First edition of ‘The Currency War’ have primarily criticized the system of Dollar and claimed it to be unstable to be used as reserve currency. In addition, second edition illustrates and elaborate the mechanism of the currency (dollar) and analyzed the causes of financial crisis 2008-9 in structural manner and anticipated how this crisis would end under the influence of conspiracy theory based point of view. Author, Soon Hong Bin- he is one of prominent economists in China; His main argument was made on whether dollar would be still stable reserve currency and also outlined pessimistic outlook on global economy. He also has somewhat forecasted that this global economic recession will take place by emphasizing the fundamental problems of volatile derivative market whether it has been used to hedge the level of risk or intentionally taken the position to make speculative profits.  






Author’s view on dollar as global currency; dollar is not functioning properly with right intention and dollar is increasingly being manipulated by invisible powers. He urges the global economy will soon need an alternative key and also expressed his sincere concern if dollar loses control completely. On contrary, many economists collectively do not agree Yuan as the next global currency as this is one of the wish list for China, not really in favor of global economy. There are so many unstable variables embedded in Yuan if this currency is considered to be key global currency. Author also brings the spotlight to Yuan being the key currency for global trade (goods/services) and looks at the possibilities. 

Having seen recent global economic recession and European Sovereign debt crisis, I personally think that it would be the case for the global economy to seek for an alternative ‘post-dollar currency’. This review of ‘The Currency War’ highlighted some key events such as this current economic recession would persist until 2024 which author find this current economic meltdown will have almost similar impact as The Great Depression 1930. He gave an assumption that new post dollar currency will be based on gold and certified emission reduction and he strongly encouraged Chinese nationals to have a great understanding on how the Western countries have been developing during last three decades instead of being ignorant. Roosevelt once said ‘There is no such coincidence’ on every event that take place. It is meticulously planned and executed’.

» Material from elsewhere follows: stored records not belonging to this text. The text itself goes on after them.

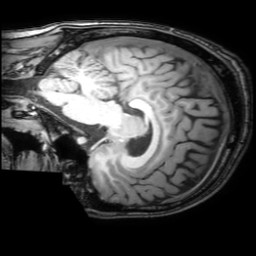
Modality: T1w
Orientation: sagittal
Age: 28
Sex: male
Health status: healthy
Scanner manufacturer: philips
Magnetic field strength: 3 T
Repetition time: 0.0079 s
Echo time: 0.0035 s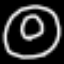
Label: donut
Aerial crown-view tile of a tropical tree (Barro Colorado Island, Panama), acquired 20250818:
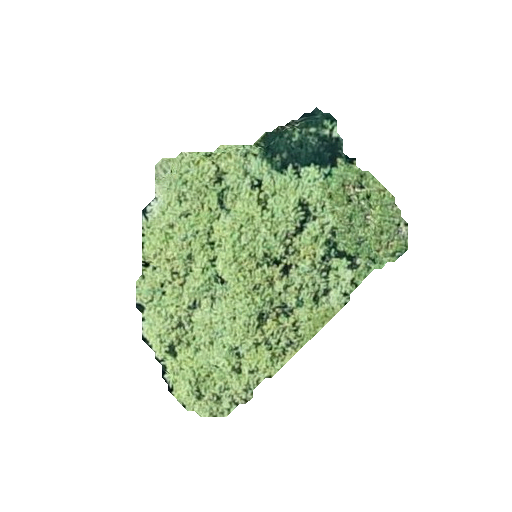
Species: Pouteria stipitata
GBIF accepted scientific name: Pouteria stipitata
Crown area: 75.079 m²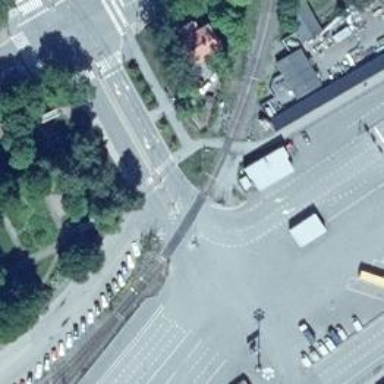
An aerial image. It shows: Level crossing with both lights and saltire in place.
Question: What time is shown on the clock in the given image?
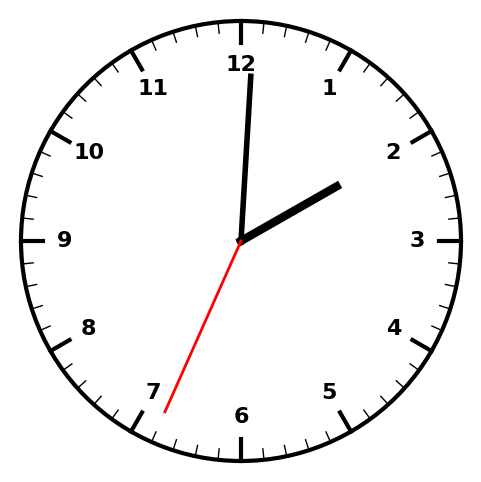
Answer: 02:00:34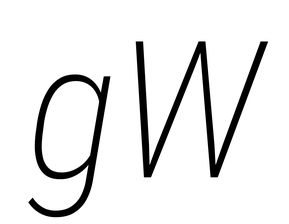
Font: Roboto-Italic_Condensed_ExtraLight_Italic
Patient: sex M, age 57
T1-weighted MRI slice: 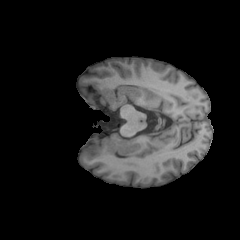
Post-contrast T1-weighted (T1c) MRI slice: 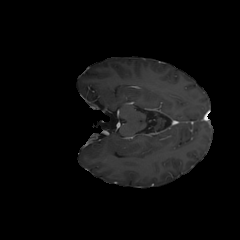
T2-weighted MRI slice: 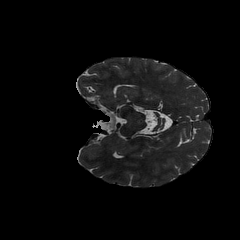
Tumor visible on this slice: no
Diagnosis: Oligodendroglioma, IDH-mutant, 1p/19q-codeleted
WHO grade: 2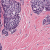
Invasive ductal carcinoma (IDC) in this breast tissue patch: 0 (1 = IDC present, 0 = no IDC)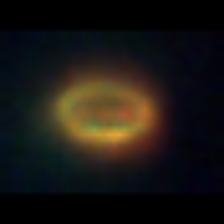
Taxon: NanoPlankton
Group: Other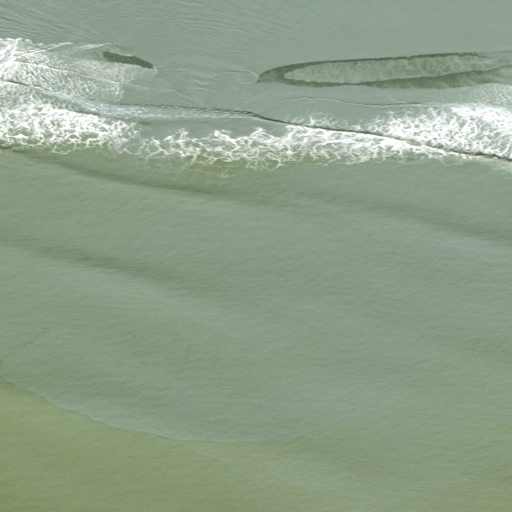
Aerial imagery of cape in Alaska named Cape Sitkagi containing only unknown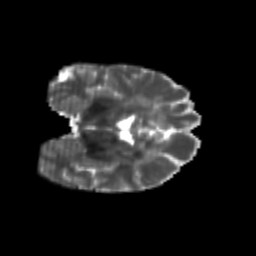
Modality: T2w
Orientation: coronal
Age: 23
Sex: female
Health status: healthy
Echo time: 0.074 s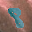
Label: 8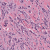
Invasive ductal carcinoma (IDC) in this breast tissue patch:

There are too much information everywhere that due diligence is sometimes required to identify the quality of the information. Our impulsive and unethical behaviors in generating profit and use the policies to make the life easy and favorable for 1% caused this crisis rather than blaming on people who could payback their loans. Also, perspective of The Currency Book is pessimistic on the US economy. Yet, this alternative key currency in post-dollar era; that must be something we should all be keen to study about although I have no doubt that dollar would still remain strong as the global currency.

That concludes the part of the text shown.